Pas de farce : il parlait à la caméra quand un manifestant cagoulé a baissé sa fermeture éclair et lui a pissé sur la jambe.

Un autre jour, des manifestants l’ont cloué sur le sol et l’ont roué de coups.

Une collègue s’est fait cracher au visage, une autre s’est faite entourée et harcelée, des cameramen ont été agressés, un reporter a reçu une tomate en plein front, des cars de reportage ont été vandalisés…

Quant à moi, je ne vous dis pas la teneur des courriels que je reçois. Si un jour, je suis pris dans une manif dans le centre-ville, ça ne me surprendrait pas que je me fasse casser la gueule.

C’est rendu que je planifie soigneusement chacun de mes déplacements pour ne pas me retrouver au milieu des manifestants. »

Fin de l’extrait.

Pas beau tout ça? Les plus chanceux NE se font que cracher au visage…

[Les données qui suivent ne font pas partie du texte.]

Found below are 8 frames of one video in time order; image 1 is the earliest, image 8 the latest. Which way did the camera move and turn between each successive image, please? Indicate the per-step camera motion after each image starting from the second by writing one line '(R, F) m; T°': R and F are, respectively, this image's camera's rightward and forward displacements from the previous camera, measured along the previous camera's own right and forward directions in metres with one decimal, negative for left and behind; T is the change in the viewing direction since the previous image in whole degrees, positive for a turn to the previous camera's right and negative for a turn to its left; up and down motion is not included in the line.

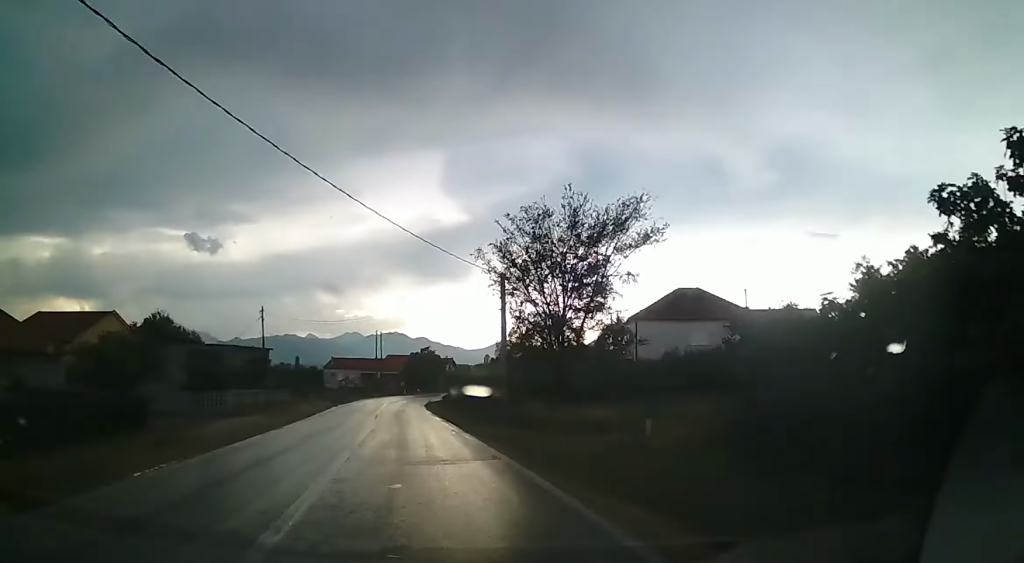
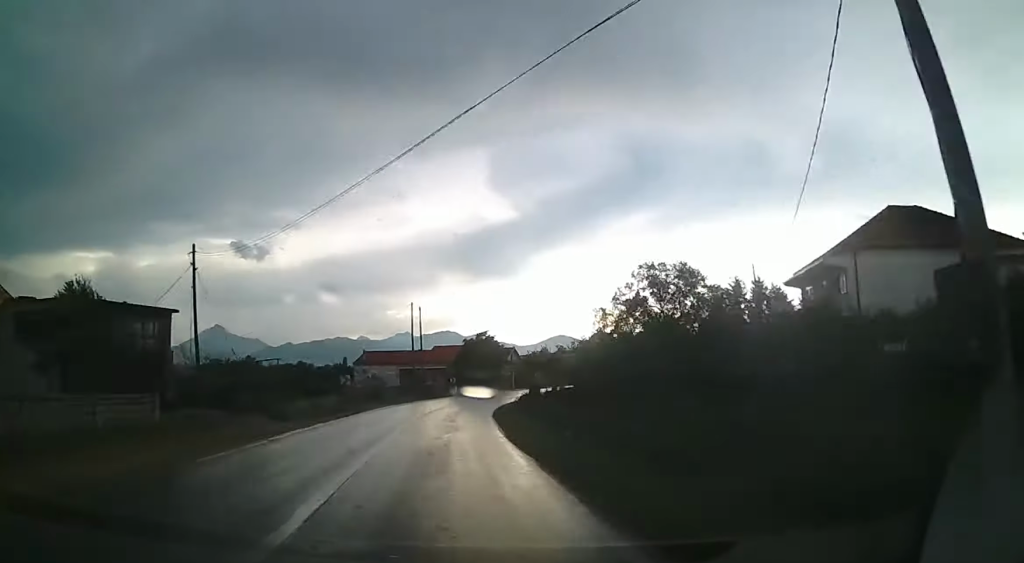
(+2.4, +25.1) m; -1°
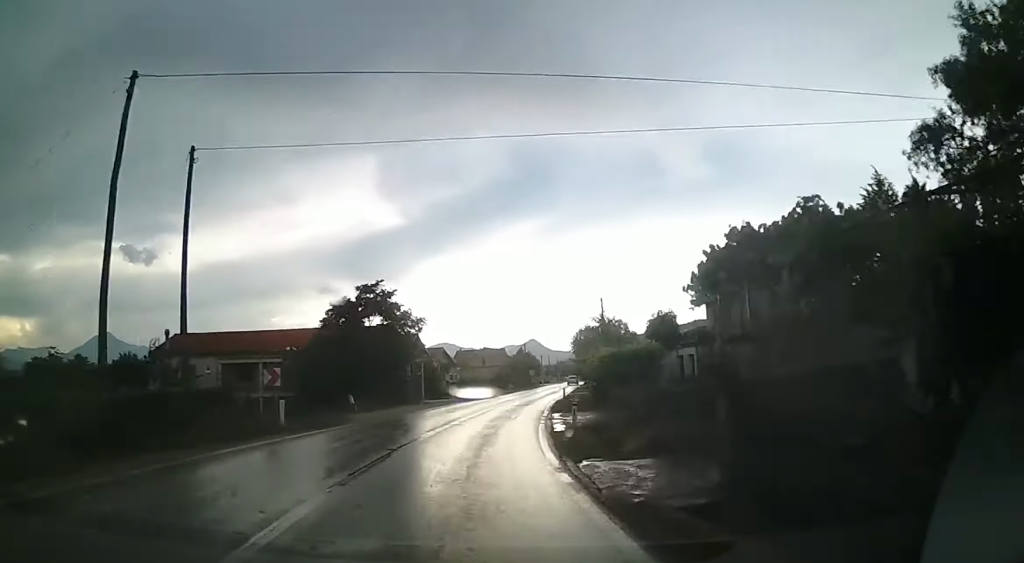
(-2.2, +41.5) m; -5°
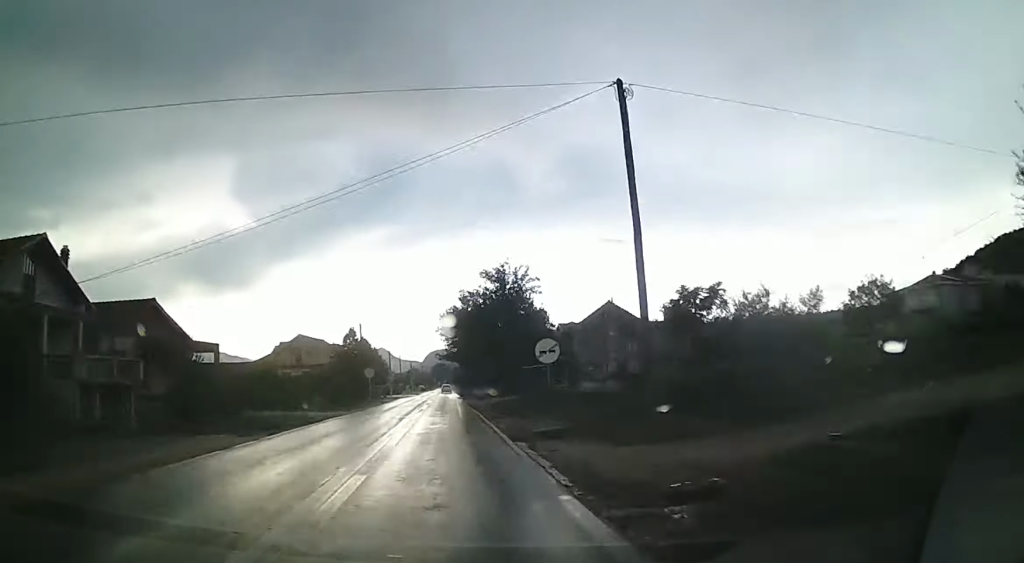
(-3.8, +49.9) m; -7°
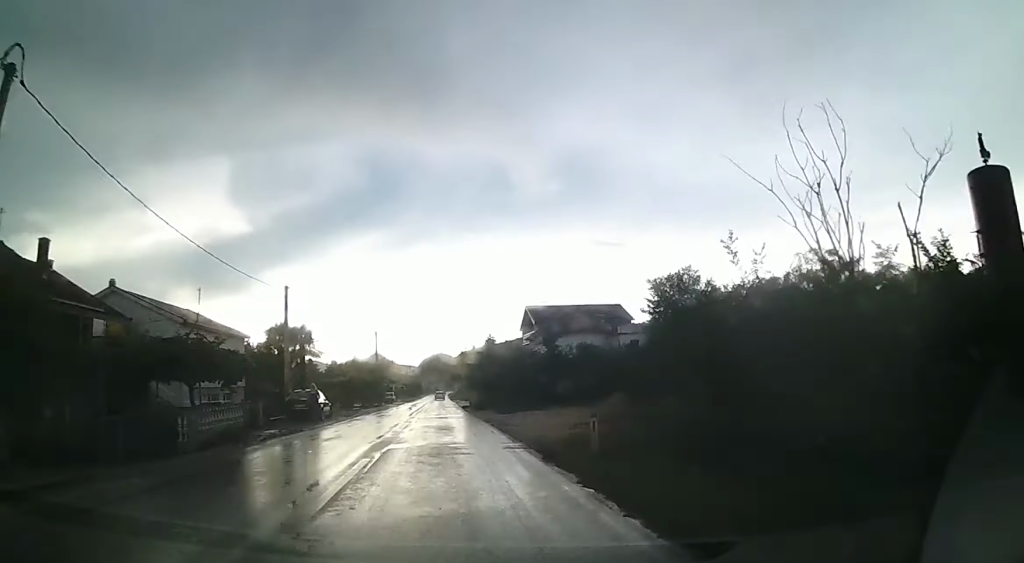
(-8.2, +133.3) m; -3°
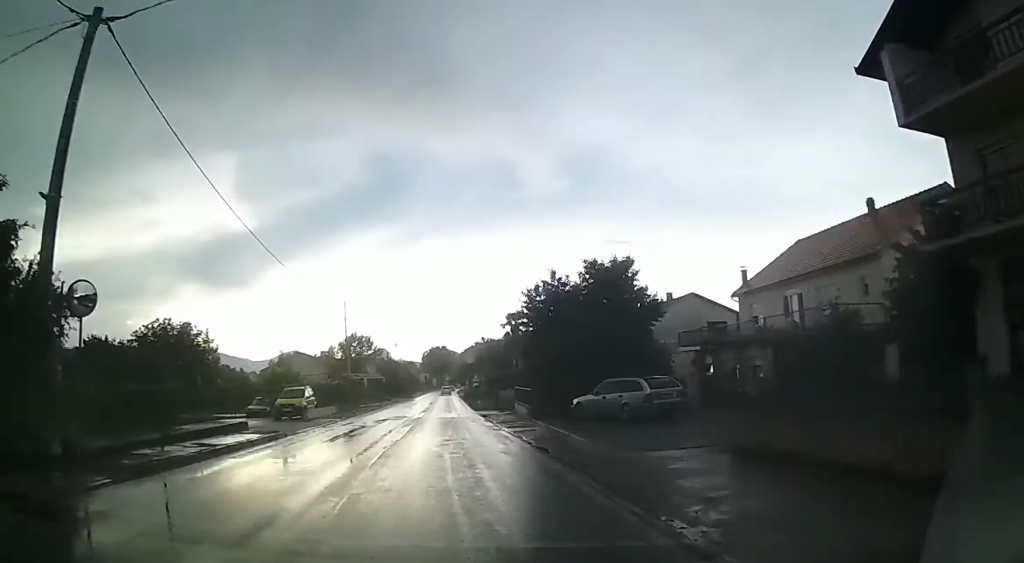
(+0.6, +64.2) m; 0°
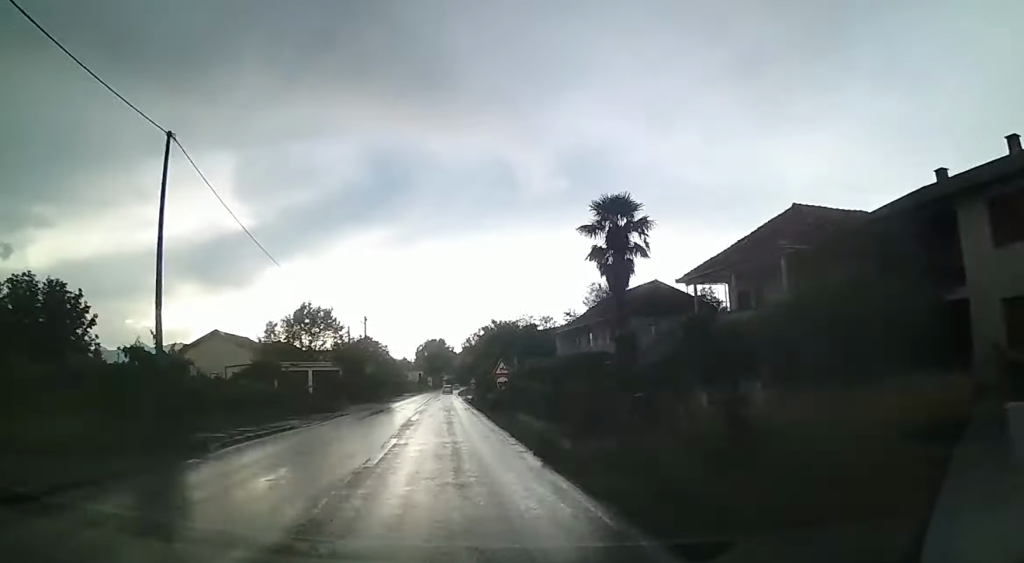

Et c’est ce genre de terrorisme qui vous épate et vous impressionne Madame et ça au moment où l’on tente justement de sortir l’intimidation des cours d’école? Vos jeunes barbares qui empêchent, en usant de violence, des étudiants d’aller en classe (quelle idée saugrenue n’est-ce-pas pour un étudiant? aller en classe…non mais où s’en va-t-on dites-le moi!) qui empêchent écrivais-je les autres étudiants de suivre leurs cours pour, prétendent-ils, améliorer l’accès…aux cours !?&*%$

Et on n’a pas parlé des réunions des associations d’étudiants où l’intimidation (et bien sûr, les votes à main levée -elle est belle votre « démocratie »-) est reine et où les votes sont repris lorsqu’ils ne font pas l’affaire des « leaders »…

VOUS écrivez n’importe quoi Madame. Pas moi!

Un brin de réalisme plutôt qu’un voyage d’émotions est souvent plus salutaire.